CS181 - Fall 2006
Problem Set 1 -- Matrix Multiplication

This assignment has two parts. The first part involves programming and is due at 11:30PM on Tuesday, September 12. The second does not involve programming and is due at the beginning of class at 2:45PM on Wednesday, September 13.

### Part I: Optimizing Dense Matrix Multiplication

For the first part of this problem set you will write optimized code for doing matrix multiplication:

C = C + A*B,

where A, B, and C are all square matrices. (If you don't remember how matrix multiplication works, this is a good time to review your linear algebra notes.)

The obvious matrix multiplication code (consisting of three nested loops) has a peak performance of under 140 MFlops on lucy, a Pentium with a 3.06 GHz Intel Xeon processor (the same processor as on this supercomputer at the US Army Research Lab). Furthermore, the performance seems to decrease (slightly) as the problem size increases, and for some size matrices the performance falls to about 20 MFlops (see the figure). This is terrible.

Fortunately, with your knowledge of uniprocessors, you have reason to believe that you are personally capable of optimizing the code so it achieves significantly better performance (while still computing the right thing, of course).

You can find a makefile, the test program, a basic 3-loop implementation of matrix multiplication, and a gnuplot file for generating plots of the timings here. That should be enough to get you started on writing your own optimized matrix multiplication subroutine.

• #### To Submit

This part of the assignment is due by 11:30PM on Tuesday, September 12th. In class on September 13th you will be expected to give a short (5-10 minute) presentation on the optimizations you made. In addition you should submit the following:
• The file containing your matrix multiplication code
• A makefile that creates an executable of the given matmul.c with your code. (Alternatively, a very precise description of what I need to do to create the executable.)
• A writeup of what you tried, what you found worked, an explanation for why your improved code exhibits the behavior it does, and so on. This should include either a plot or a table showing matrix size vs. mflops of the final version of your code.
• You should submit these either by emailing me everything or by putting it on a web page and giving me a pointer.

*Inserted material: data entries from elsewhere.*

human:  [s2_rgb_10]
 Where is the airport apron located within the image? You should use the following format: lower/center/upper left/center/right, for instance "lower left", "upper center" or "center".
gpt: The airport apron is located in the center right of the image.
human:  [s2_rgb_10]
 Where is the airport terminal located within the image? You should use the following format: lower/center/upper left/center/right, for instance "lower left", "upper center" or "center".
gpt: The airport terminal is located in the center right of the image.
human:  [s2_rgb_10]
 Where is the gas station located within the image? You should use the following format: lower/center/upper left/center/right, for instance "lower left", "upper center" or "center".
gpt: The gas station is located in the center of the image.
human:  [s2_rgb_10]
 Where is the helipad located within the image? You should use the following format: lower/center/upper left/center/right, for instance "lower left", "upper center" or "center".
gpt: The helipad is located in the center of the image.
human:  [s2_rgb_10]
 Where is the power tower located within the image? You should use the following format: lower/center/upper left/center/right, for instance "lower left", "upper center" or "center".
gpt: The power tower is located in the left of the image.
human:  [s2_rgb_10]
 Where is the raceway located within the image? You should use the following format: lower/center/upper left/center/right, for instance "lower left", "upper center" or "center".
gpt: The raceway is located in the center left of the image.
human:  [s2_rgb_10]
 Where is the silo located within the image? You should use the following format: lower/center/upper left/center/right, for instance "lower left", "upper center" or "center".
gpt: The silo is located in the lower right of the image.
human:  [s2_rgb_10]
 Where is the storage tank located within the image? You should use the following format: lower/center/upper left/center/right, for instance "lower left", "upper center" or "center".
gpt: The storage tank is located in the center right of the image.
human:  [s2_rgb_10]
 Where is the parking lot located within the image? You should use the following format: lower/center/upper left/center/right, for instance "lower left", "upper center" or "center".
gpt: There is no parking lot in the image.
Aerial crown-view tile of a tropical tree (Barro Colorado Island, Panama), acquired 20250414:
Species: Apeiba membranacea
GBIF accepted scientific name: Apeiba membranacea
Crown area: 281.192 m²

Your grade will be based on the set of things you considered/tried, your explanations for why ``optimizations'' you tried either were or weren't, your explanation of why your final code is truly optimized, and the performance of your subroutine.

• #### Rules

• Everyone must submit their own code.

• Your subroutine must work with the test program given (note that the matrix sizes I end up testing may differ from those currently in the test code). However, any language (including assembly) is fine.
• You may not use code that you find on the web.
• You may not use an automatic code generator (eg. PhiPAC or ATLAS) to generate your code.
• However, you are encouraged to look for information on how those generators work, for more information on the actual architecture of the machine, and for any other information that you think might help you write the fastest code possible.
• You may use compiler optimizations, as long as you adequately explain why you thought to use them, what they do, and why that's a good thing.

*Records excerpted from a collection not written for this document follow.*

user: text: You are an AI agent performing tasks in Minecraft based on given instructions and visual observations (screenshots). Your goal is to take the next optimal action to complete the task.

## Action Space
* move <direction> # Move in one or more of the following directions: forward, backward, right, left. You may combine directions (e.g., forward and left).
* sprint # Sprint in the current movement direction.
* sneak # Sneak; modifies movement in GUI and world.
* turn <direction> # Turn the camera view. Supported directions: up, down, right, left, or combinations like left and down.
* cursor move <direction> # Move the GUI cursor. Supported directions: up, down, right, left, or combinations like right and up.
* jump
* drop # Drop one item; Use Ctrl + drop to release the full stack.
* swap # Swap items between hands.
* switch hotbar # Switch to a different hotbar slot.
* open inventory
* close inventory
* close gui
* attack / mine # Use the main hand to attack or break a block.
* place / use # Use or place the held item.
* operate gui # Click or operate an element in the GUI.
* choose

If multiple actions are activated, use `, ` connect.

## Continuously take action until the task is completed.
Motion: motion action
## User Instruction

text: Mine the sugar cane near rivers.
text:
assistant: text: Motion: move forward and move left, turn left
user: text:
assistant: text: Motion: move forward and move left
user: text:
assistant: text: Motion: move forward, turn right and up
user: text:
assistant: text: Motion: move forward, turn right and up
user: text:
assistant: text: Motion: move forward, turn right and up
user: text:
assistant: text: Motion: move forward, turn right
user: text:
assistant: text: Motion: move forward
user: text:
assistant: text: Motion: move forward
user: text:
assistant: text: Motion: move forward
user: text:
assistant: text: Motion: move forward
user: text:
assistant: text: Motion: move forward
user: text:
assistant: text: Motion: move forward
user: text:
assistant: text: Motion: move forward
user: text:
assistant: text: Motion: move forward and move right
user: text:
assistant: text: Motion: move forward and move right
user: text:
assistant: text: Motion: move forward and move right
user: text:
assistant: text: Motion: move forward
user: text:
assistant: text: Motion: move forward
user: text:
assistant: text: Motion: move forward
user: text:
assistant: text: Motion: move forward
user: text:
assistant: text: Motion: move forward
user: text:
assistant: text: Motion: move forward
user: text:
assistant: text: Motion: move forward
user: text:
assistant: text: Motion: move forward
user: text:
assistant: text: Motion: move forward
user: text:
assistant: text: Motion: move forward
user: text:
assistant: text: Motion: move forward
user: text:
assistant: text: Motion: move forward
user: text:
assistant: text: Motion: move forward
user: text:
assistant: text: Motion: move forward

• You'll find the test program, a makefile, a basic 3-loop implementation of matrix multiplication, and a gnuplot file for generating plots of your running times here.
• Lucy is a Dell PowerEdge 1750, with a Xeon processor (actually it has 2, but your code will only be running on one). The processor is rated at 3.06 GHz. It has an 8K L1 data cache, a 512K L2 cache, a 1M L3 cache, and 2GB memory.
• PhiPAC and ATLAS are automatic code generators for tuned matrix multiplication kernels.
• You can get information about the processor here

• ### Part II: Variations on Dense Matrix Multiplication

Many variations on this problem come up in practice. For this part of the assignment you'll consider two that come up relatively frequently.

Discuss what would change to your optimization strategy from part I in each of the following situations:

• You are multiplying matrix and a vector:

z = z + A*x,

where A is a square matrix and x and z are vectors.

• Often the matrix A is not dense, but rather sparse. In this case, most of the entries are zero, which means the data structure used is not a 2-D array. Rather, the data structure stores the values of the nonzero entries and their location in the matrix.

Now you're multiplying a sparse matrix and a vector.

z = z + A*x,

where A is a square, sparse matrix and x and z are (dense) vectors.

In practice sparse matrices often come up when modelling some structure that exists "in the real world"; the nonzeros represent relationships between objects that are "close" or "similar" in some way. Sparse matrix-vector multiplications are necessary for certain eigensolvers and iterative solvers for linear systems (among other computations).

• #### To Submit

This part of the assignment is due by 2:45PM on Wednesday, September 13th. At the beginning of class you should hand in your responses (typed, not handwritten).

Your grade will be based on how well you've thought through the issues and how reasonable your proposed changes are.